Fully understanding the functionality and the complexity of the human central nervous system remains as one of the major open questions in modern science. The Drosophila neuromuscular junction (NMJ) is a widely used and acknowledged model for the analysis of synapse structure and assembly. When considering the size of a Drosophila NMJ synapse of about 500 nm in diameter it appears logical that in order to visualize its spatial architecture the resolution of image acquisition methods needs to be accordingly high. Owing to their diffraction limited resolution, confocal and wide field microscopes cannot properly display subsynaptic organization in a satisfying manner. This problem may be solved with STED microscopy.

In the past decades, many significant leaps have been made to reveal the secrets of the human central nervous system. The most prominent of these findings involved the characterization of the chemical synapse, which describes a highly specialized region in neurons. Here electrical impulses are translated into a chemical signal in order to transmit the information within a neuronal circuit or to a specific target cell. Through this signal translation, information can rapidly be modulated and processed by either strengthening of weakening the transmission efficiency.

Therefore, synapses and their corresponding neuronal networks are thought to coordinate adequate responses to the environmental stimulus, learn and store information from past experiences and finally form the basis for processes like cognition. The answer of how this is possible lies deeply buried beneath the complexity of the neuronal wiring and the multitude of synaptic proteins with their numerous functions.

Revealing Biological Nanostructures

By unraveling the molecular composition of the synapse and its architecture at a given sites, one can gather valuable information concerning the machinery of signal transduction and modulation. Therefore it is not surprising that the demand in the scientific community for visualizing such structures is constantly growing. Most synapses, though, are very small structures and in many cases in order to explore the synaptic architecture, one requires an image resolution capable of displaying structures down to the molecular level.
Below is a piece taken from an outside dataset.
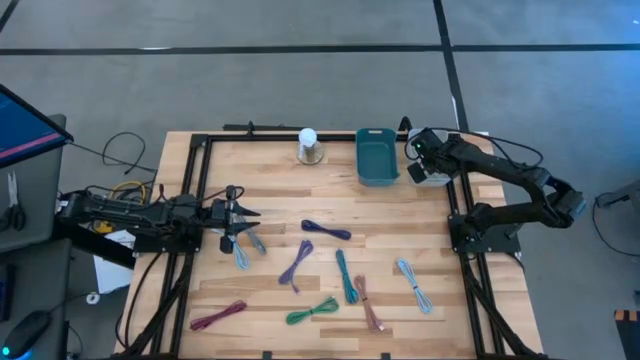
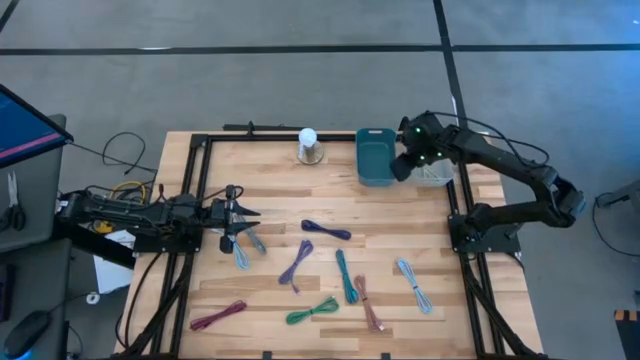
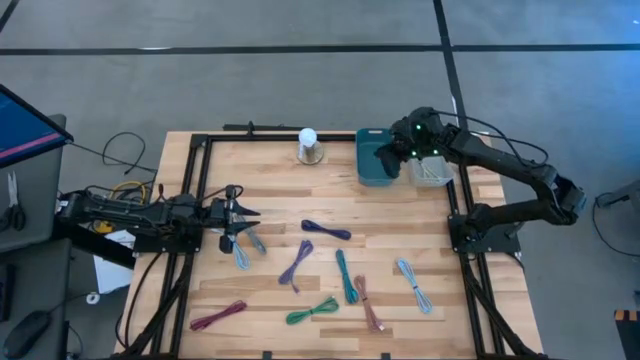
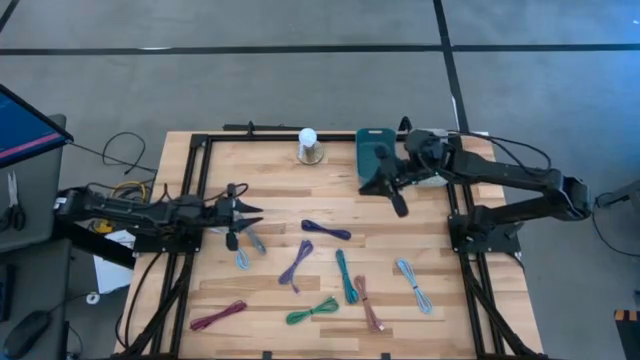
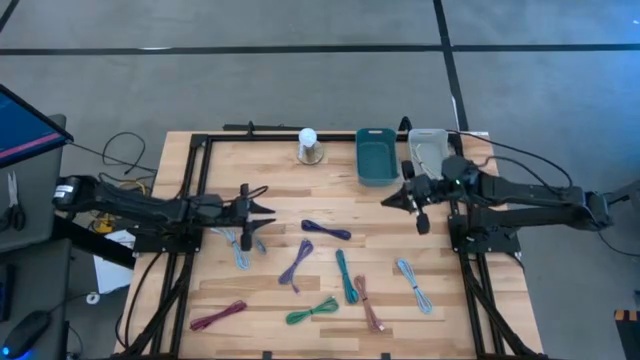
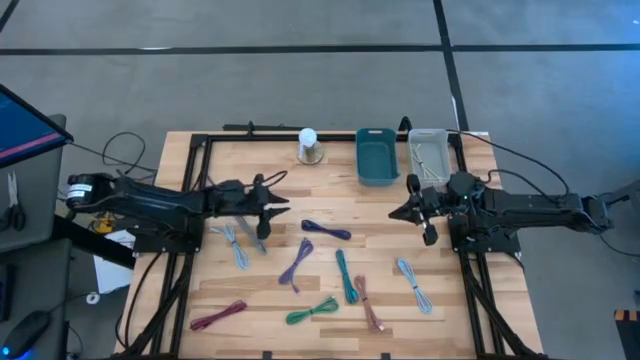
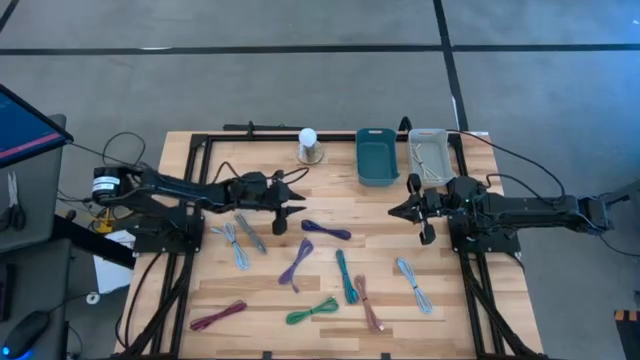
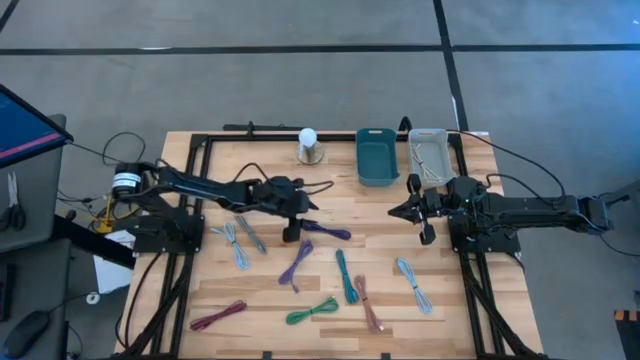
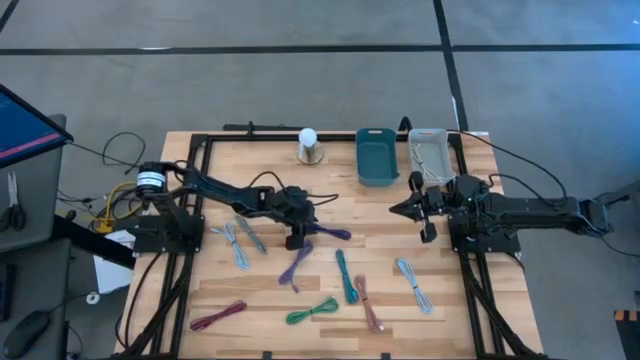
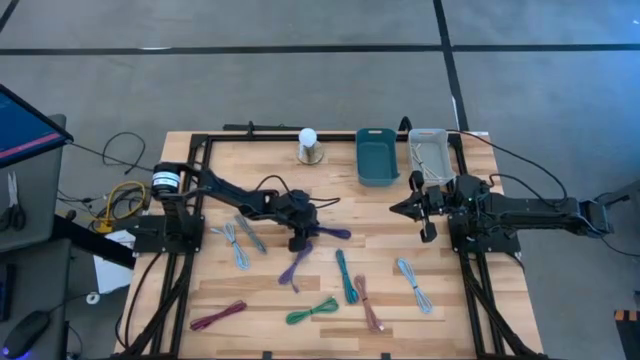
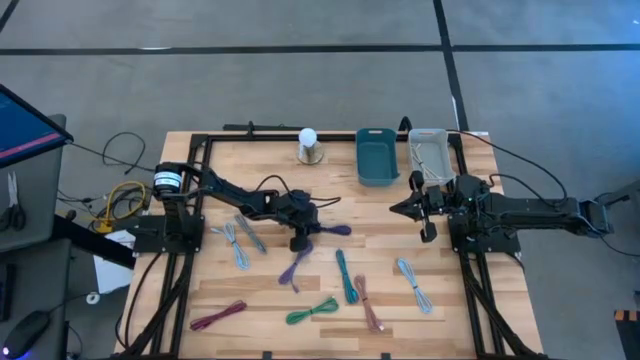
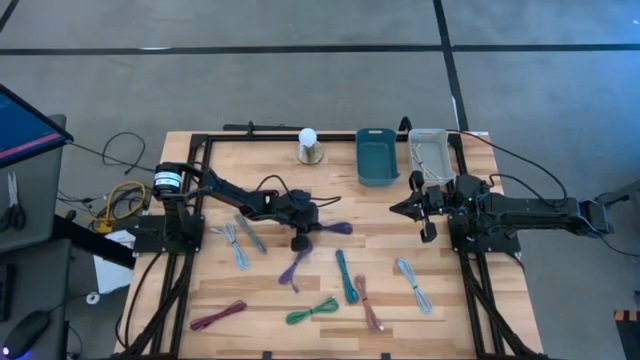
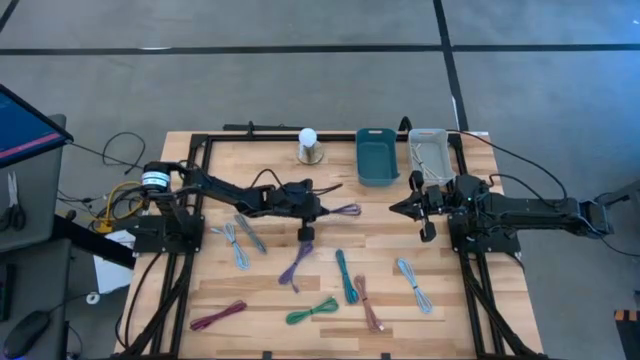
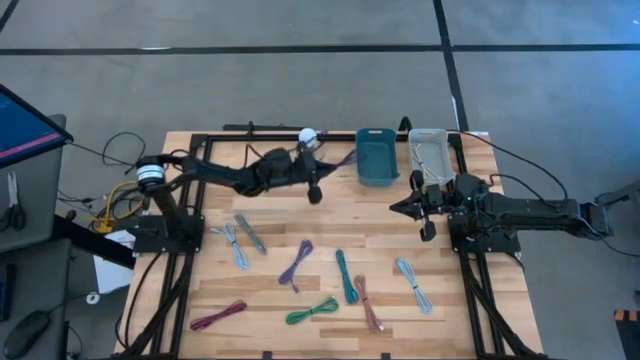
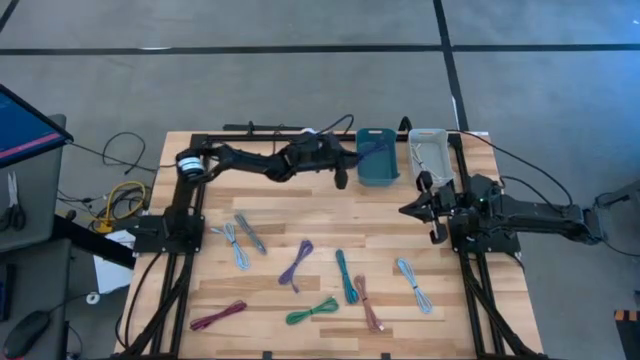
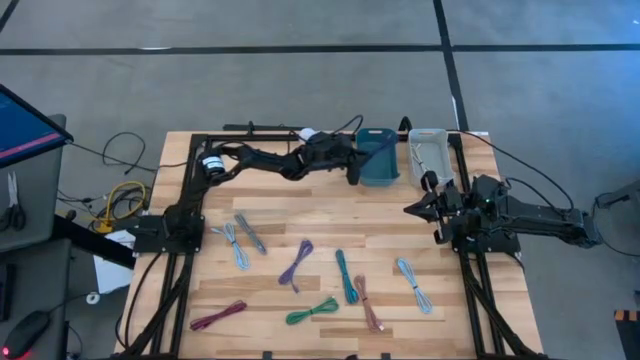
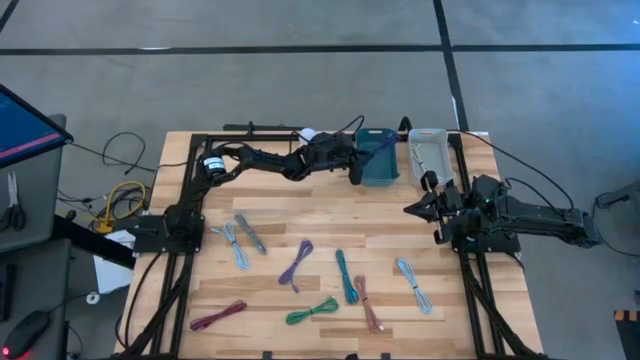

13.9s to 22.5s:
Task: Pick & Place USB Port
Put the braided purple charger cable into the blue bin

One common method for reaching this resolution is to use electron microscopes, which achieve higher resolution by irradiating the probes with considerably smaller wavelengths than normally used in light microscopy.

One disadvantage of this procedure is the fact that it often involves quite elaborate dehydration and contrasting procedures, and even though very small structure are nicely displayed, attributing the protein localization to visualized structures in electron micrographs via immuno-labellings remains tricky.

Recent advances in light microscopy research, especially the invention of the STED technology [1] and the development of commercial STED systems, however, greatly contributed to this issue by developing a revolutionary simple method of fluorescence visualization with the image resolution ranging down to 30nm, thereby creating the fully new concept of nanobiophotonics.

New Insights in Presynaptic Structures

In the lab of Prof. Dr. Stephan Sigrist [2,3] studies were performed on Drosophila NMJ to analyze the synapse structure and assembly. Presynaptic electron dense structures named "T-bars" (owing to their characteristic shape in electron micrographs) were shown to be composed of Bruchpilot (BRP) a member of the conserved CAST/ERC protein family. BRP is thought to play a role as a presynaptic scaffolding protein implicated in proper signal transduction.

Through the application of the STED technology, in a synergic combination with already established imaging techniques, valuable information concerning the architecture of the roughly 250 nm size T-bar and adjacent structures could be obtained. STED microscopy thereby revealed a more precise localization of synaptic proteins, which until then were unrecognizable by conventional confocal imaging (Fig. 1), especially when combined with structural information obtained in electron micrographs.

Thus, STED could be described as a "missing link" between confocal and electron microscopy. In addition, the possibility of generating images in large scale, due to its simple methodology, helped to certify certain assumptions during data acquisition (as for the polarized, elongated orientation of BRP, see Fig. 1), turning them to solid statements. Eventually, the characterization of the synaptic architecture now opens new possibilities by applying the powerful genetic tools of Drosophila in order to disrupt these structures through the generation of mutant animals. By analyzing these mutants, important information concerning the neuronal processing will be available, which in future may contribute for a general understanding of the central nervous system functions and how complex processes as learning and memory are accomplished.